> _Exercise directions_:
Check every line of the records below for the string "atom" and copy the ones that have it.

> _Stored dataset items_:
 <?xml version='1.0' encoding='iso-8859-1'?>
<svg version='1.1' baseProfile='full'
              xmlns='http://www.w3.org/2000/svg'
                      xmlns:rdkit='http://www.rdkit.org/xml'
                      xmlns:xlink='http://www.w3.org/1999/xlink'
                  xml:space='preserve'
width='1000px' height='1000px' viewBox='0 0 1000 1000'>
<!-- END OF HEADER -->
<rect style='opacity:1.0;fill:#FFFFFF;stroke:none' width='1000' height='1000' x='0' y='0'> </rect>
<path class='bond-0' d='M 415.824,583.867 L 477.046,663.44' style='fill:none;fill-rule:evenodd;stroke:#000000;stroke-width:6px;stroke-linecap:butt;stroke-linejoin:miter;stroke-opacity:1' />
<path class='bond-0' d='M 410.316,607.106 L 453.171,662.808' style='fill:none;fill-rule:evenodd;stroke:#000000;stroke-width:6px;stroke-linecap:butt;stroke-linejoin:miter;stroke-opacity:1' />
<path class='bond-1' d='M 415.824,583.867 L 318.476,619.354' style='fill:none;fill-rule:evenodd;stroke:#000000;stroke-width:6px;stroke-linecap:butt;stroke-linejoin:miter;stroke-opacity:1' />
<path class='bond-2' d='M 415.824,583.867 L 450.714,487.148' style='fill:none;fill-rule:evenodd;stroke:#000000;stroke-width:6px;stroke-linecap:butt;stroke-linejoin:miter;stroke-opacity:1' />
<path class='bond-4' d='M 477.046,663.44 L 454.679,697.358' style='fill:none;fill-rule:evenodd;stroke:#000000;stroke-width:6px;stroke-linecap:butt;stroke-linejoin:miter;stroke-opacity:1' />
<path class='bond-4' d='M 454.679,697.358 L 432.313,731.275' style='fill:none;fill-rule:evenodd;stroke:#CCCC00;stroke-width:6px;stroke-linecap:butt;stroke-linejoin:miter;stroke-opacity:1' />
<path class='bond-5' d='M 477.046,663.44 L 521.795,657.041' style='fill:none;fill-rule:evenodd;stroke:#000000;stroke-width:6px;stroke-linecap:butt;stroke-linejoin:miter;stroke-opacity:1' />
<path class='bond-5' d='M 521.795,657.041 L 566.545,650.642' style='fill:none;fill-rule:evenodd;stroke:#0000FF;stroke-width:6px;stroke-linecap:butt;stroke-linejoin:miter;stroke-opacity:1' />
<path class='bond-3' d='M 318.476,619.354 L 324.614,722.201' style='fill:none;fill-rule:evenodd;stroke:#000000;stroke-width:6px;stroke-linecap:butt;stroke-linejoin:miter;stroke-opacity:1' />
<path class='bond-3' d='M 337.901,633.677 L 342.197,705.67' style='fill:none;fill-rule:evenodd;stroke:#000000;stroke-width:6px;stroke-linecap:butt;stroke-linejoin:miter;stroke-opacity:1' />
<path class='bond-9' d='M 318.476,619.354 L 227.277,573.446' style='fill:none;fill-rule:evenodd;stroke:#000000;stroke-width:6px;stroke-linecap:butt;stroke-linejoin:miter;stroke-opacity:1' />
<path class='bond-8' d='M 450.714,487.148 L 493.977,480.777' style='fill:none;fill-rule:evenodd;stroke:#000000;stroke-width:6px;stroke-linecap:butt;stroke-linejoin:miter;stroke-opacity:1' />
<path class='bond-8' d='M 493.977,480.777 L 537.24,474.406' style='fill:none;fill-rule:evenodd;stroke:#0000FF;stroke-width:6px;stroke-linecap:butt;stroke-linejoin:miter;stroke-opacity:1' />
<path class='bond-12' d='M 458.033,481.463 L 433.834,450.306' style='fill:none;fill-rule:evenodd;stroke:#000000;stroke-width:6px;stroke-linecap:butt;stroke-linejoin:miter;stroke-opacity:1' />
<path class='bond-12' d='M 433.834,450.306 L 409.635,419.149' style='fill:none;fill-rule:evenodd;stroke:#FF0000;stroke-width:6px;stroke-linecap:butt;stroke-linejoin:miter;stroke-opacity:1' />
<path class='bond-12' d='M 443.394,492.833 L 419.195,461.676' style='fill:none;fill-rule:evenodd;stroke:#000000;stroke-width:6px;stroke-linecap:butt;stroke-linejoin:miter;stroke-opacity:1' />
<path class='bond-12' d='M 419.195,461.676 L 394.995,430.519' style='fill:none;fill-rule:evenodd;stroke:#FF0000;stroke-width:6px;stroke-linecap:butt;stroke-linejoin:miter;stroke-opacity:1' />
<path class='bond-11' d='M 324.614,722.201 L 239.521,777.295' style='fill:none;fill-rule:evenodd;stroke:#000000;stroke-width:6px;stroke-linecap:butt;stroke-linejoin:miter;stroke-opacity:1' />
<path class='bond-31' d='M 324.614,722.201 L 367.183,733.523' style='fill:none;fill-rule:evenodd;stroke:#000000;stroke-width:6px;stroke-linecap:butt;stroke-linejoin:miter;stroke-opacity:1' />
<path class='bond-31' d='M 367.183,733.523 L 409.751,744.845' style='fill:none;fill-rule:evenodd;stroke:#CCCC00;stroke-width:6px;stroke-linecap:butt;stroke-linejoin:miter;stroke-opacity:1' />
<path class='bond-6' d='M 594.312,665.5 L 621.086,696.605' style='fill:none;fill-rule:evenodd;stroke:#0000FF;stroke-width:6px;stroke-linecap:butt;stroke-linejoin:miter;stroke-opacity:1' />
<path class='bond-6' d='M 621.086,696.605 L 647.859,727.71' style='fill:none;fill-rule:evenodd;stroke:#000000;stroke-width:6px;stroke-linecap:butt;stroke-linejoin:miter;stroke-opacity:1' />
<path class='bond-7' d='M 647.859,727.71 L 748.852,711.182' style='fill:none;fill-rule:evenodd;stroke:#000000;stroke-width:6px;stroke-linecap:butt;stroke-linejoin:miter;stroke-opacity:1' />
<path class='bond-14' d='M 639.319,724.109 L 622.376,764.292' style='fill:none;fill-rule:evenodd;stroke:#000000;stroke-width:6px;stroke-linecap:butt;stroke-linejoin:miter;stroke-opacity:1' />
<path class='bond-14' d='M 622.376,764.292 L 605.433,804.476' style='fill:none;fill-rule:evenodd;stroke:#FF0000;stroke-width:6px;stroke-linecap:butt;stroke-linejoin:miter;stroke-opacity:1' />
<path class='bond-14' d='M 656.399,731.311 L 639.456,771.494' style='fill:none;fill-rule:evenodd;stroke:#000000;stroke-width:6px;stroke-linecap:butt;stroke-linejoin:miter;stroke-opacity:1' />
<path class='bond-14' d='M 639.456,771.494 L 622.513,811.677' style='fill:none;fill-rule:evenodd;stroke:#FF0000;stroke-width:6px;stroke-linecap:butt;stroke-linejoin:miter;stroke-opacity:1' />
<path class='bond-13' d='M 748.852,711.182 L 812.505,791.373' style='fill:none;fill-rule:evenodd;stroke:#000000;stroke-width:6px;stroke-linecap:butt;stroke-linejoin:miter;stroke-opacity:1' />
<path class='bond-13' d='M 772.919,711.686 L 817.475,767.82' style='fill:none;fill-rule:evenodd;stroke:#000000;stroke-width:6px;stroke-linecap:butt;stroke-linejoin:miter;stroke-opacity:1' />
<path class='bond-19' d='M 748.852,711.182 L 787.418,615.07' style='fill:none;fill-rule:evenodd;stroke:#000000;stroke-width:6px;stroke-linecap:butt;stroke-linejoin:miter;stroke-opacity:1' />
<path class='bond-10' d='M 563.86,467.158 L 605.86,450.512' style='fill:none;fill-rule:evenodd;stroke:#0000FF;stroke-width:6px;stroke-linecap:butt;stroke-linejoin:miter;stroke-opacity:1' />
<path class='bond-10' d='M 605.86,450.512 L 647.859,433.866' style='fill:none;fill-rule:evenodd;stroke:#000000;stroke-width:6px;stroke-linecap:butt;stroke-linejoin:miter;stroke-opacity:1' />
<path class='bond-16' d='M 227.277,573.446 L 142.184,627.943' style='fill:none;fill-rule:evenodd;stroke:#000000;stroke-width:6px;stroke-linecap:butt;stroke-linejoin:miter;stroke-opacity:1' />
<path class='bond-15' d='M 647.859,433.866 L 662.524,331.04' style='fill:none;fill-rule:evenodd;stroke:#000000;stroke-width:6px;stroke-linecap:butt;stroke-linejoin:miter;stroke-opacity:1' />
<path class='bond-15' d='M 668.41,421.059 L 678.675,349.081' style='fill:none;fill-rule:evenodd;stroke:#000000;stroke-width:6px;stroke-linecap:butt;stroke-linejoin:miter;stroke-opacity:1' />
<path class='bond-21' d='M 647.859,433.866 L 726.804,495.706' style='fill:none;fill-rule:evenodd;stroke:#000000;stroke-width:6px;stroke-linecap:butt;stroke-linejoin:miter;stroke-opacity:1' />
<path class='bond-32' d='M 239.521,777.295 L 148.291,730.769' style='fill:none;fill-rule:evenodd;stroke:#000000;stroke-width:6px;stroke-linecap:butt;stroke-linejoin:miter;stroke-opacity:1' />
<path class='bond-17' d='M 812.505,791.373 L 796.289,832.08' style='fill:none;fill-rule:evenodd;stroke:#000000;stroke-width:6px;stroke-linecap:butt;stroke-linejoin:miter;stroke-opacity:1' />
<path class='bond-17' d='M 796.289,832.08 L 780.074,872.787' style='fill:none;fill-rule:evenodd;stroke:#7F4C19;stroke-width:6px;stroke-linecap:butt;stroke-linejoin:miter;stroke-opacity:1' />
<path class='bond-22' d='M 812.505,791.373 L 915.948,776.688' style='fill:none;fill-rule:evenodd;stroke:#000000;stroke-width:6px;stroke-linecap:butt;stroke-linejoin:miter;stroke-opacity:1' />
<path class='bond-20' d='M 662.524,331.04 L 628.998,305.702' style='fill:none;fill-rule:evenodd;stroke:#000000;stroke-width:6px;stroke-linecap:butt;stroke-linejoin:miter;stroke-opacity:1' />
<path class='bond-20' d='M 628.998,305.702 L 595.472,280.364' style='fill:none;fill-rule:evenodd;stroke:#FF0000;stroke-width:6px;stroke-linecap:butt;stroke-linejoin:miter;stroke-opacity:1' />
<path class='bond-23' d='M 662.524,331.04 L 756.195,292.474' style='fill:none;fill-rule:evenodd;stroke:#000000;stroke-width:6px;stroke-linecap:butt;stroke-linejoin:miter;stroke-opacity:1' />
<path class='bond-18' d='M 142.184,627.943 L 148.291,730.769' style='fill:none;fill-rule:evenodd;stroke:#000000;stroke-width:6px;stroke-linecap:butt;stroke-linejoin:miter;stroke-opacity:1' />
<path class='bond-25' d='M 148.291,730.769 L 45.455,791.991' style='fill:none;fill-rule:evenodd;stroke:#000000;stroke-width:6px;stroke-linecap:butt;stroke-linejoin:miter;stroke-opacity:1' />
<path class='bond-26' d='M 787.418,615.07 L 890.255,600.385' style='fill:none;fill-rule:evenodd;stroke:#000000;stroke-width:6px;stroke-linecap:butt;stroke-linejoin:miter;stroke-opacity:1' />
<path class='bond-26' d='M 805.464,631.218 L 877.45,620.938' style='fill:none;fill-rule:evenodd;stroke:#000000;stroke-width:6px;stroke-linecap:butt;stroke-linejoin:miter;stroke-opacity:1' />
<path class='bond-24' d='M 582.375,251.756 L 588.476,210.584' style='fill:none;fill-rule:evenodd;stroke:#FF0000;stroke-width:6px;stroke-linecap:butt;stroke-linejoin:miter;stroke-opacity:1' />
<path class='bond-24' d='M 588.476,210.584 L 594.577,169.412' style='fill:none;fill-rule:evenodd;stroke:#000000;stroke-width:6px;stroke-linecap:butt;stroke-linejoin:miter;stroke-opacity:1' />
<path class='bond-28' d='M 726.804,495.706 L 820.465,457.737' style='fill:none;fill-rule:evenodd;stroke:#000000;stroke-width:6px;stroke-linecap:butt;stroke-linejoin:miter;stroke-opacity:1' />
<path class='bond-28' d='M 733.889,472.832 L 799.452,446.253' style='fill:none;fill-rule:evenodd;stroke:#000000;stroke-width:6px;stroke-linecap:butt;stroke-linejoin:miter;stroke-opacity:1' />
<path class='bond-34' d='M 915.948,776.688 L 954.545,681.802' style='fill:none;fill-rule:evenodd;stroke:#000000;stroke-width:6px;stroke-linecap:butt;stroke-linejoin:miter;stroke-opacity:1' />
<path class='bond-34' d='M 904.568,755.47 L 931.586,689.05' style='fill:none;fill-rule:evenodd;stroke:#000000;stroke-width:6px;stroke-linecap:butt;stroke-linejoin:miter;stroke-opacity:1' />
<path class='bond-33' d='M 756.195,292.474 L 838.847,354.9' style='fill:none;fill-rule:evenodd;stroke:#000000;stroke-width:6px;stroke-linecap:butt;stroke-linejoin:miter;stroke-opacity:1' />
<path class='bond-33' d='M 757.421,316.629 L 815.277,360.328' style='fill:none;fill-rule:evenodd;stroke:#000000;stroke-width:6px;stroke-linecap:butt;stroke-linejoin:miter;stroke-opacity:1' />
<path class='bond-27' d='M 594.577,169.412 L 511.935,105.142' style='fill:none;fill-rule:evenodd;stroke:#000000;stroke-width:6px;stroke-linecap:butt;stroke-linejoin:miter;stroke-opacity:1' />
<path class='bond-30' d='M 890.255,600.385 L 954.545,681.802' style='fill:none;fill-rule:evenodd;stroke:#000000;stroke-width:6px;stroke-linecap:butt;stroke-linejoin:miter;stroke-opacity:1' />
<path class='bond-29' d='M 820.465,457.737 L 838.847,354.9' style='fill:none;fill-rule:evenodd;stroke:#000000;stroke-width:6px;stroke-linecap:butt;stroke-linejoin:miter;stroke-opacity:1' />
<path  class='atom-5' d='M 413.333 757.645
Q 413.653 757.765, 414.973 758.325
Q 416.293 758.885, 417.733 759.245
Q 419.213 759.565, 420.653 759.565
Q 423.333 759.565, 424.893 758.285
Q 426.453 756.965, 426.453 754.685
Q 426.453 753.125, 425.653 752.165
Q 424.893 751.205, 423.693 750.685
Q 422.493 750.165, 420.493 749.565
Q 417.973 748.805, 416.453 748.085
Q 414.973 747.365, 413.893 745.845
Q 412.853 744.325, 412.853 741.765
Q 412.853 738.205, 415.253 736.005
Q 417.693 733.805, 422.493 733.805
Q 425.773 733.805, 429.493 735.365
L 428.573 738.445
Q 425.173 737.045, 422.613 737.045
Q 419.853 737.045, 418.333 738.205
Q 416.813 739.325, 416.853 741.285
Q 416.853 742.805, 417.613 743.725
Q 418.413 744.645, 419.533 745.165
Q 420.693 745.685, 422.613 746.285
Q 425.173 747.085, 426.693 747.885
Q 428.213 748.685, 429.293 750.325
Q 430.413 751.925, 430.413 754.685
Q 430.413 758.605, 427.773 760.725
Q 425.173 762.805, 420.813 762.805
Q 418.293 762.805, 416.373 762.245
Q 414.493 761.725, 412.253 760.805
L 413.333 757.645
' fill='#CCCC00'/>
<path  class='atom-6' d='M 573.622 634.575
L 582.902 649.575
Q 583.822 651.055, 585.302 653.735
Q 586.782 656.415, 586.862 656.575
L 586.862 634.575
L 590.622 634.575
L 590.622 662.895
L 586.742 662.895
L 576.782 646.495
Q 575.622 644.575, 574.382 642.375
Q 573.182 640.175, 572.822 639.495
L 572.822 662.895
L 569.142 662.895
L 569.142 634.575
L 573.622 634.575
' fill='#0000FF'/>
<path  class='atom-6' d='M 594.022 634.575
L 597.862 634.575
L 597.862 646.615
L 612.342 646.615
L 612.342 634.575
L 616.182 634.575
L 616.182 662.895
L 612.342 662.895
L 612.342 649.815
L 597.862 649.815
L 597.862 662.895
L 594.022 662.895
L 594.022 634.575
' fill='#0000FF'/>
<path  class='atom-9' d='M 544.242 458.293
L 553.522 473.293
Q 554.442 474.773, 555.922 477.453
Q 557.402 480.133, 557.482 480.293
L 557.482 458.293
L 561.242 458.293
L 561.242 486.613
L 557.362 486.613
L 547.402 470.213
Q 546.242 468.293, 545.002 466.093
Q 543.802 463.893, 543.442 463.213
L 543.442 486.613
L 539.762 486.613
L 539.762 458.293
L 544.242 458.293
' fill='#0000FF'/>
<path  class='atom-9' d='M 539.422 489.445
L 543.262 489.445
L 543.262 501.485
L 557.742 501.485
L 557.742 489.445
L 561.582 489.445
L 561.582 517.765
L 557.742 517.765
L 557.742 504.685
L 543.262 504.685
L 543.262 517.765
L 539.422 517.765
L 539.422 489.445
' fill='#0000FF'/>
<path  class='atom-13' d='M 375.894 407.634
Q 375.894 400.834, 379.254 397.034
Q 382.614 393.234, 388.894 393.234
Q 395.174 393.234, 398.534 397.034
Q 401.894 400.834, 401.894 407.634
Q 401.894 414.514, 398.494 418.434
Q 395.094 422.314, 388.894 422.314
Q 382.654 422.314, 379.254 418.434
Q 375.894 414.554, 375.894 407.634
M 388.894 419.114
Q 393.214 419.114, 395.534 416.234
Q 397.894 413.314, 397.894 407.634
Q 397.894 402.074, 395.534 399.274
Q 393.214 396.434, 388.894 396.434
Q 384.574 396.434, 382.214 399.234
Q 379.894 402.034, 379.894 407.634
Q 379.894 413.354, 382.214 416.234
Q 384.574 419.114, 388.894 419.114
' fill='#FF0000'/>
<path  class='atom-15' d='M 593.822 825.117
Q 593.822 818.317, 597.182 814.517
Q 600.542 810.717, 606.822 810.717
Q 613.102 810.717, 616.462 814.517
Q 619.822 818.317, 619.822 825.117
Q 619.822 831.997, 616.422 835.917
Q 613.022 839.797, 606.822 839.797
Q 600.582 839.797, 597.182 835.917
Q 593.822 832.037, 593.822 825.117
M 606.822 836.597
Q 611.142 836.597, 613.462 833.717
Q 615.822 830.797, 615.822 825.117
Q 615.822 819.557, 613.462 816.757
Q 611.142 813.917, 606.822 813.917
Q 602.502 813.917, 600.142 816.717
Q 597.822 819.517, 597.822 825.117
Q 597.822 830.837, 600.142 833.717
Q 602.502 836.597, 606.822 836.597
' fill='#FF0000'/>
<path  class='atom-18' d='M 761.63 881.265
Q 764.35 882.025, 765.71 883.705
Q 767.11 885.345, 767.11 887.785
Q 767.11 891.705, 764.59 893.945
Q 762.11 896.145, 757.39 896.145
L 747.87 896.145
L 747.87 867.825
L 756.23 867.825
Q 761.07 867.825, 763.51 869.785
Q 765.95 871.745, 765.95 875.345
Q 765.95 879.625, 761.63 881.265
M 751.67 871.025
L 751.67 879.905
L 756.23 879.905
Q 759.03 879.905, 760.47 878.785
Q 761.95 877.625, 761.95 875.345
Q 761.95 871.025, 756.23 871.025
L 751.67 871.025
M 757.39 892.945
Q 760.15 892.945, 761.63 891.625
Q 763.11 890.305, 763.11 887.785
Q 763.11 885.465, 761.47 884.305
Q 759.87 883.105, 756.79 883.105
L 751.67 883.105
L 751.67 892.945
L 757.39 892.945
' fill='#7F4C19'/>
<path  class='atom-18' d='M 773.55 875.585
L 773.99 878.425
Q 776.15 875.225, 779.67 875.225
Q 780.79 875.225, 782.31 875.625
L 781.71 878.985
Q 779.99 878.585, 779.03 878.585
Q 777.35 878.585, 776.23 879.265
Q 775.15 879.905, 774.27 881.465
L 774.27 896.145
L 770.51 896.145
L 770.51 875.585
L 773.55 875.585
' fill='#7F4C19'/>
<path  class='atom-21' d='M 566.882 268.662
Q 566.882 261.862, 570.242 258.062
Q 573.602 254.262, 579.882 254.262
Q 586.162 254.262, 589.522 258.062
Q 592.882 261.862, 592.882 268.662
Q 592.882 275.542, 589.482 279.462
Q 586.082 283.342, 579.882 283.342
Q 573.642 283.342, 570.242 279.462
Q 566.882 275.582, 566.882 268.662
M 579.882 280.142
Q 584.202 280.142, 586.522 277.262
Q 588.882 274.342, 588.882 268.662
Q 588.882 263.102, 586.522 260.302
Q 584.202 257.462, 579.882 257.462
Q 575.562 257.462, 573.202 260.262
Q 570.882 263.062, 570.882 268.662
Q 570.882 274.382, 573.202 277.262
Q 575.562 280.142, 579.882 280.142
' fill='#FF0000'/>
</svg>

> _Your solution_:
<path  class='atom-5' d='M 413.333 757.645
<path  class='atom-6' d='M 573.622 634.575
<path  class='atom-6' d='M 594.022 634.575
<path  class='atom-9' d='M 544.242 458.293
<path  class='atom-9' d='M 539.422 489.445
<path  class='atom-13' d='M 375.894 407.634
<path  class='atom-15' d='M 593.822 825.117
<path  class='atom-18' d='M 761.63 881.265
<path  class='atom-18' d='M 773.55 875.585
<path  class='atom-21' d='M 566.882 268.662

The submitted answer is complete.